A HUSKY BLACK MAN DRESSED garishly in drag -- blue wig, frosted lipstick -- raps and fries chicken on what appears to be a makeshift plantation as African-American children dance around him, sucking on chicken bones. The scene is from "Fry That Chicken" by Ms. Peachez, a music video that in the last two months has been downloaded more than 600,000 times on Youtube. The song has also received spins on urban stations.
It was preceded by an even bigger hit: DJ Webstar & Young B's "Chicken Noodle Soup," which for months has been a mainstay on black radio and in clubs, the video a favorite on Youtube and MTV. The nonsensical song even spawned a dance -- a shuffling, arm-flapping jig that grinning black kids perform in the video.
But another current rap hit, "Chain Hang Low" by Jibbs, makes a more direct connection to minstrelsy. As recently pointed out in The New York Times, the song is built on the 19th-century melody of "Zip Coon" or depending on the lyrics "Turkey in the Straw," one of the most popular tunes from the blackface era. Here's a snippet of Jibbs' interpolation: Do your chain hang low / Do it wobble to the flo' / Do it shine in the light / Is it platinum / Is it gold.
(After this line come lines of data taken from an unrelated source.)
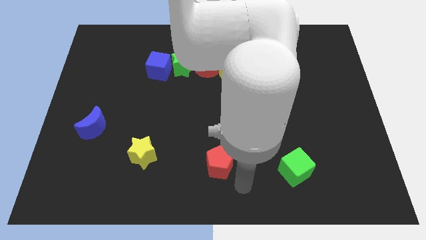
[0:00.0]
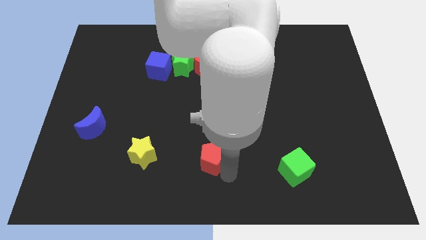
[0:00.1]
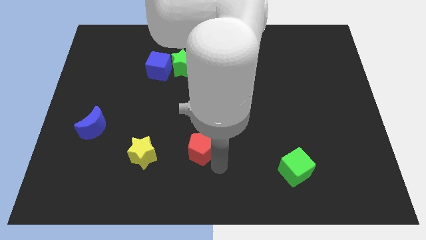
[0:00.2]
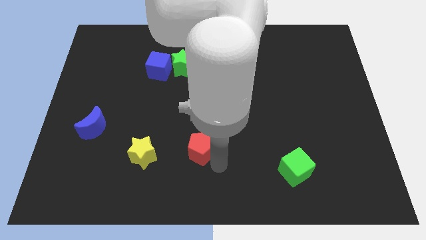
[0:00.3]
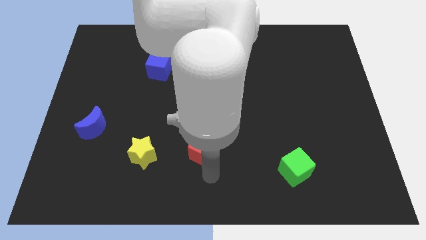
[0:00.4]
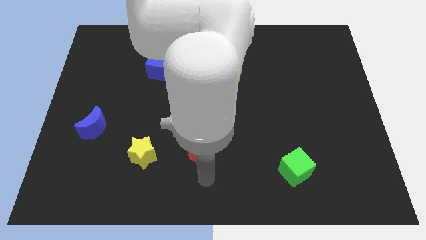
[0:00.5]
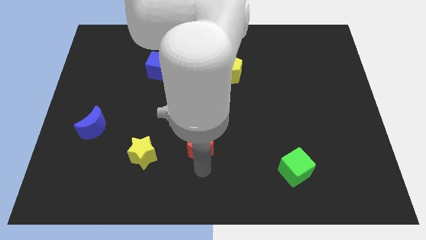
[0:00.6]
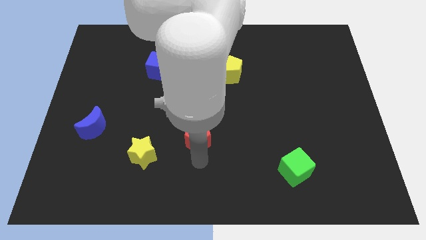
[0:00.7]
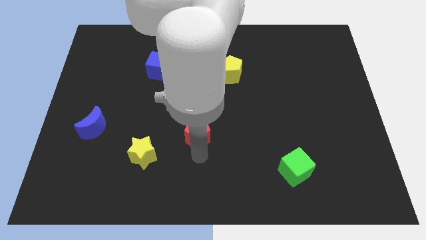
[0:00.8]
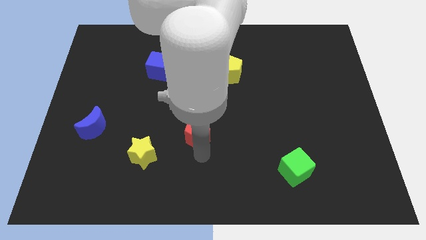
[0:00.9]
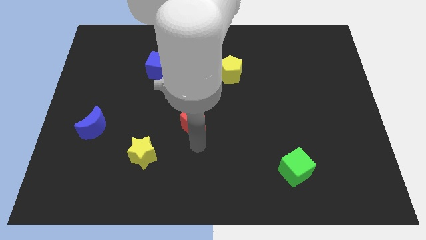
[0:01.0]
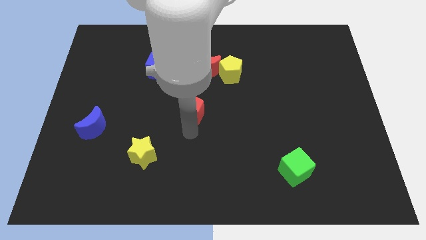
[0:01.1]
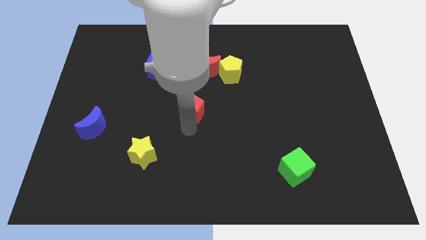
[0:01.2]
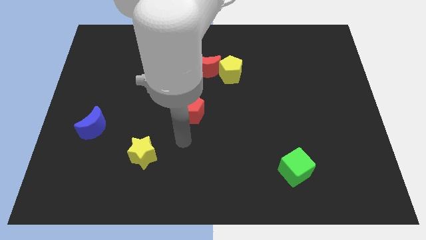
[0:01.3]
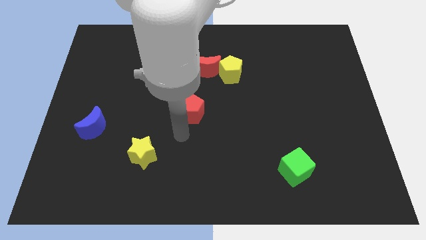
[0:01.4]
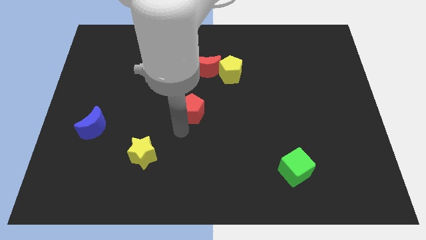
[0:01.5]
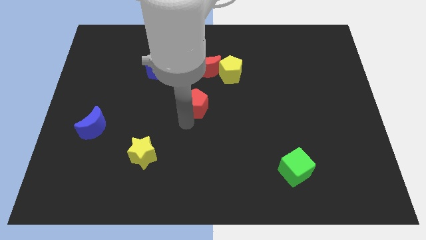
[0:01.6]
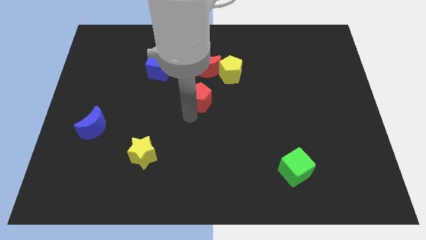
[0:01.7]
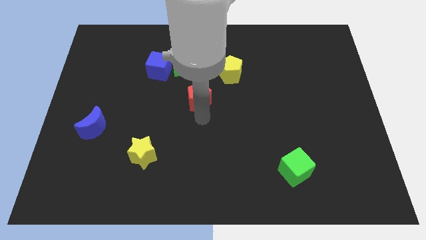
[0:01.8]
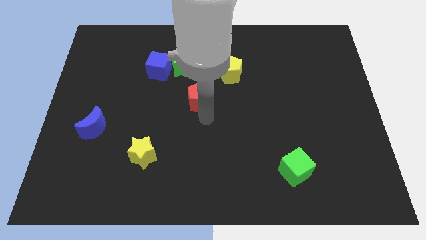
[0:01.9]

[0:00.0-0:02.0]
place the red pentagon to the centre of the board

These ubiquitous urban hits seem to whistle in a disturbing sub-trend in hip-hop. Free of irony or tongue-in-cheek cleverness, so-called "minstrel rap" appears to be a throwback to the days when performers (some black, some white) rubbed burnt cork on their faces and depicted African-Americans as buffoons. Excluding Ms. Peachez, these new millennium minstrel rappers don't sport painted faces. But the music, dances and images in the videos are clearly reminiscent of the era when pop culture reduced blacks to caricatures: lazy "coons," grinning "pickaninnies," sexually super-charged "bucks."
"Minstrelsy has never died. It has evolved," says Tawnya Pettiford-Wates, associate professor of theater at Virginia Commonwealth University. Through The Conciliation Project, a nonprofit arts organization she oversees, Pettiford-Wates uses old minstrelsy to spark open dialogue about racism in modern America. "My problem with minstrel hip-hop is that it exploits the images but doesn't put them in any context. You just get these images and no desire to unmask or interrogate them."
The desire to challenge the images may not exist because the performers are young and probably ignorant of the history. Jibbs, the St. Louis rapper behind the catchiest minstrel rap record on the airwaves, is only 16. His debut, Jibbs Feat Jibbs, entered Billboard's pop album chart at No. 11, selling more than 80,000 spurred by the Top 10 single "Chain Hang Low."
"The problem is that the young people are unaware of the mockery -- the correlation between the minstrel shows of the past and the 'Chicken Noodle Soup' dance," says Chloe Hilliard, news editor at The Source, the New York-based hip-hop magazine. "It's the whole issue of airing our dirty laundry. It's one thing of laughing about it among ourselves. But it's another thing of showing this behavior to the mainstream as if this is all we do -- dance around and eat fried chicken."
Some argue that "minstrel rap" is just an innocuous extension of youth culture, that it doesn't warrant any sociopolitical context.
"Hasn't there always been dance songs like 'Chicken Noodle Soup'?" asks Jon Caramanica, music editor at VIBE magazine. "Haven't black and white kids always danced around, flapping their arms? It becomes easy to write-off substance-free records. I'm trying to understand why they have relevance. It's worth noting the song in its natural locus instead of putting any sociopolitical weight on it that it never intended to have."
Rap, like every other genre under pop's broad umbrella, seems to be more off-balance these days than before. Style often supplants substance and creativity. With CD sales plummeting and no respected, lyrically sharp rapper dominating the game, the time is ripe for "different" sounds and images in hip-hop -- even those with perhaps unconscious minstrel overtones.
"It's a form of escapism, yes," says The Source's Hilliard. "It's all about free, creative expression. But there's not enough of a balance. You will see 'Chicken Noodle Soup' on MTV but not enough of, say, Lupe Fiasco, because everybody wants to shuck and jive, dance and sing."
If it sells, then labels will certainly flood the market with more of it.
"There's this misconception that people want gangsta or minstrel rap," says Carl Chery, senior correspondent for SOHH.com, an urban music Web site. "I don't want to make it a race issue. But a lot of the [record label] executives selling this stuff are white. They just assume people want that from black performers. All it takes is one act, like 50 Cent or Lil' Jon, to sell a lot of records, then labels look for more of the same."
Is there a possibility that "minstrel rap" could mushroom?
"If it's a movement, it's definitely in the infant stage," Chery says. "But if it keeps going, people will have to protest about it -- at least you hope people will protest about it."